Omit the pictures and reproduce the rest of the listing exactly.
□ □ □ □
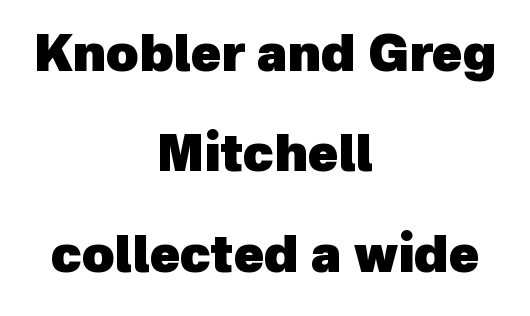
{"serif": "no", "bold": "yes", "weight": "heavy", "width": "normal", "x_height": "medium", "monospaced": "no", "underline": "no", "align": "center", "line_spacing": "loose", "line_spacing_ratio": 2.01, "letter_spacing": "normal", "letter_spacing_em": 0.0, "glyph_px": 50}
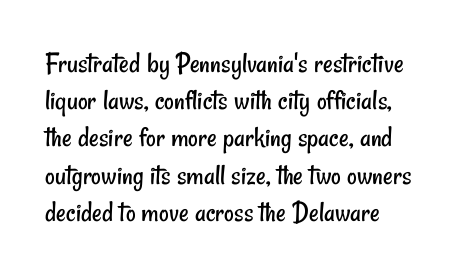
The image shows 30 px regular-weight, condensed sans-serif type; set left-aligned, line spacing 1.24x, normal letter spacing, not underlined; low stroke contrast and a small x-height.
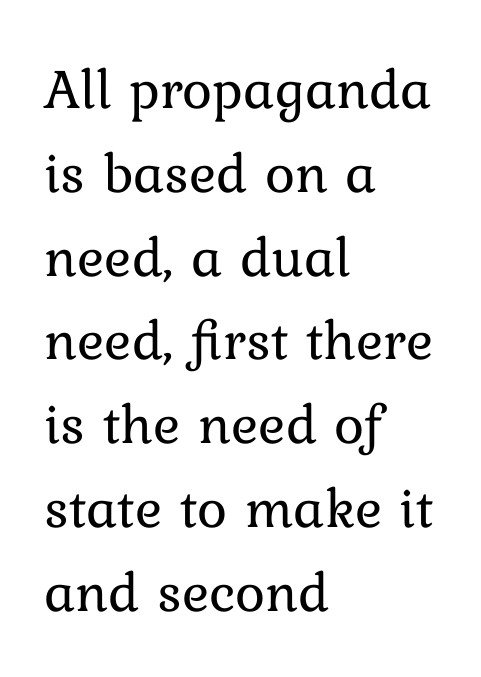
The image shows 57 px regular-weight type, upright; set left-aligned, normal line spacing (1.47x), normal letter spacing, not underlined; low stroke contrast and a medium x-height.
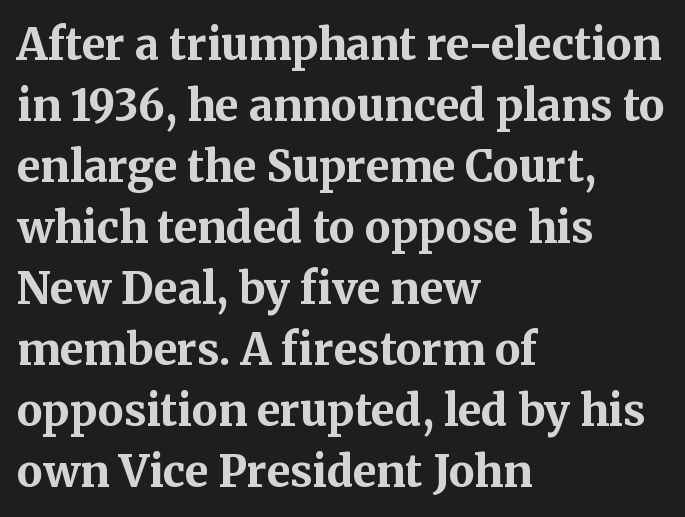
Q: Is the text bold? A: Yes.
Q: Is the text italic (slanted)? A: No, it is upright.
Q: Is the typeface a serif or a sans-serif typeface? A: Serif.
Q: Is the text underlined? A: No.
Q: How is the paragraph aligned? A: Left-aligned.
Q: Is the spacing between letters normal or unusually wide? A: Normal.
Q: Is the spacing between lines tight, normal or loose? A: Normal.
Q: Width (condensed, normal, or wide)? A: Normal.
Q: Stroke contrast? A: Medium.
Q: x-height? A: Medium.
Q: Monospaced? A: No.
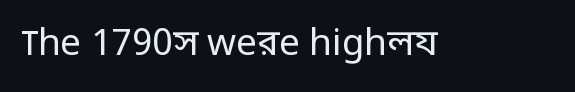
The image shows 37 px regular-weight sans-serif type, upright; set normal letter spacing, not underlined; low stroke contrast and a medium x-height.
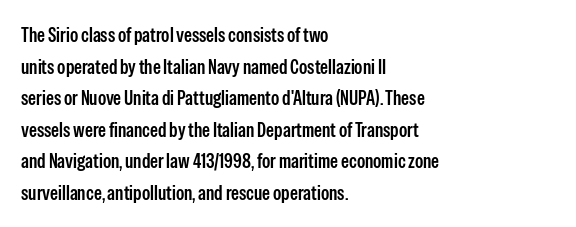
Q: Is the text bold? A: Semi-bold.
Q: Is the text italic (slanted)? A: No, it is upright.
Q: Is the text underlined? A: No.
Q: How is the paragraph aligned? A: Left-aligned.
Q: Is the spacing between letters normal or unusually wide? A: Normal.
Q: Is the spacing between lines tight, normal or loose? A: Normal.
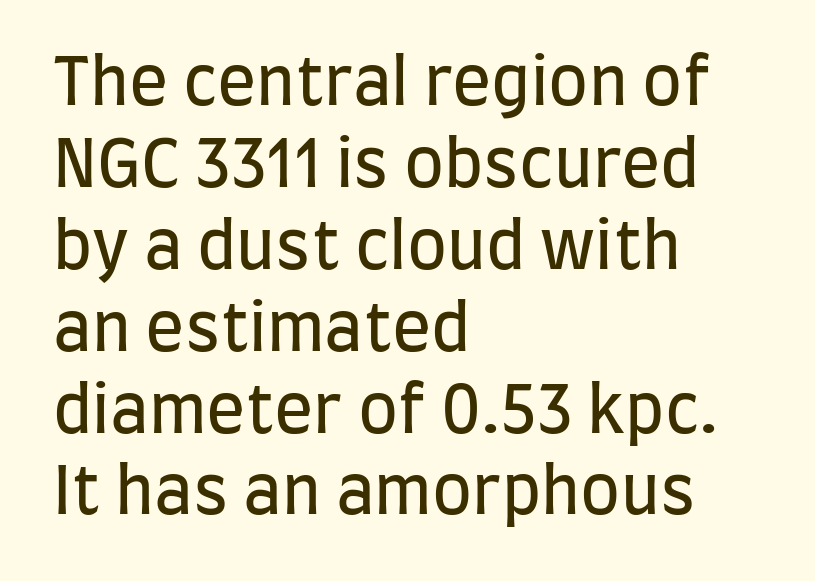
In terms of leading, this rendering sits right in the middle. Teacher's note: observe the even left margin — that is flush-left alignment. Is this a fixed-width face? No — the glyphs have proportional, varying widths. Does the type have serifs? No, each stem ends abruptly.
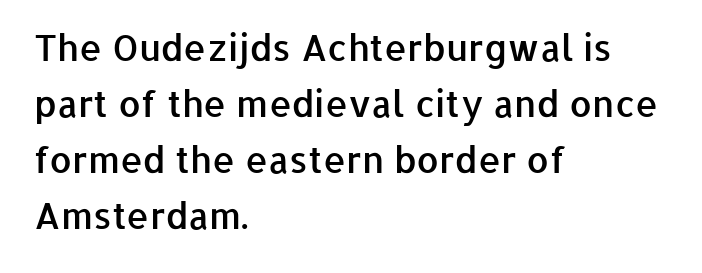
Q: Is the text bold? A: Semi-bold.
Q: Is the text italic (slanted)? A: No, it is upright.
Q: Is the typeface a serif or a sans-serif typeface? A: Sans-serif.
Q: Is the text underlined? A: No.
Q: How is the paragraph aligned? A: Left-aligned.
Q: Is the spacing between letters normal or unusually wide? A: Normal.
Q: Is the spacing between lines tight, normal or loose? A: Normal.
Q: Width (condensed, normal, or wide)? A: Normal.
Q: Stroke contrast? A: Low.
Q: x-height? A: Medium.
Q: Monospaced? A: No.
□ □ □ □
* [SOLVED PROBLEM]:
{"serif": "no", "bold": "yes", "weight": "heavy", "width": "normal", "x_height": "medium", "monospaced": "no", "underline": "no", "align": "center", "line_spacing": "loose", "line_spacing_ratio": 2.01, "letter_spacing": "normal", "letter_spacing_em": 0.0, "glyph_px": 50}
The image shows 30 px regular-weight, condensed sans-serif type; set left-aligned, line spacing 1.24x, normal letter spacing, not underlined; low stroke contrast and a small x-height.
The image shows 57 px regular-weight type, upright; set left-aligned, normal line spacing (1.47x), normal letter spacing, not underlined; low stroke contrast and a medium x-height.
Q: Is the text bold? A: Yes.
Q: Is the text italic (slanted)? A: No, it is upright.
Q: Is the typeface a serif or a sans-serif typeface? A: Serif.
Q: Is the text underlined? A: No.
Q: How is the paragraph aligned? A: Left-aligned.
Q: Is the spacing between letters normal or unusually wide? A: Normal.
Q: Is the spacing between lines tight, normal or loose? A: Normal.
Q: Width (condensed, normal, or wide)? A: Normal.
Q: Stroke contrast? A: Medium.
Q: x-height? A: Medium.
Q: Monospaced? A: No.
The image shows 37 px regular-weight sans-serif type, upright; set normal letter spacing, not underlined; low stroke contrast and a medium x-height.
Q: Is the text bold? A: Semi-bold.
Q: Is the text italic (slanted)? A: No, it is upright.
Q: Is the text underlined? A: No.
Q: How is the paragraph aligned? A: Left-aligned.
Q: Is the spacing between letters normal or unusually wide? A: Normal.
Q: Is the spacing between lines tight, normal or loose? A: Normal.
In terms of leading, this rendering sits right in the middle. Teacher's note: observe the even left margin — that is flush-left alignment. Is this a fixed-width face? No — the glyphs have proportional, varying widths. Does the type have serifs? No, each stem ends abruptly.
Q: Is the text bold? A: Semi-bold.
Q: Is the text italic (slanted)? A: No, it is upright.
Q: Is the typeface a serif or a sans-serif typeface? A: Sans-serif.
Q: Is the text underlined? A: No.
Q: How is the paragraph aligned? A: Left-aligned.
Q: Is the spacing between letters normal or unusually wide? A: Normal.
Q: Is the spacing between lines tight, normal or loose? A: Normal.
Q: Width (condensed, normal, or wide)? A: Normal.
Q: Stroke contrast? A: Low.
Q: x-height? A: Medium.
Q: Monospaced? A: No.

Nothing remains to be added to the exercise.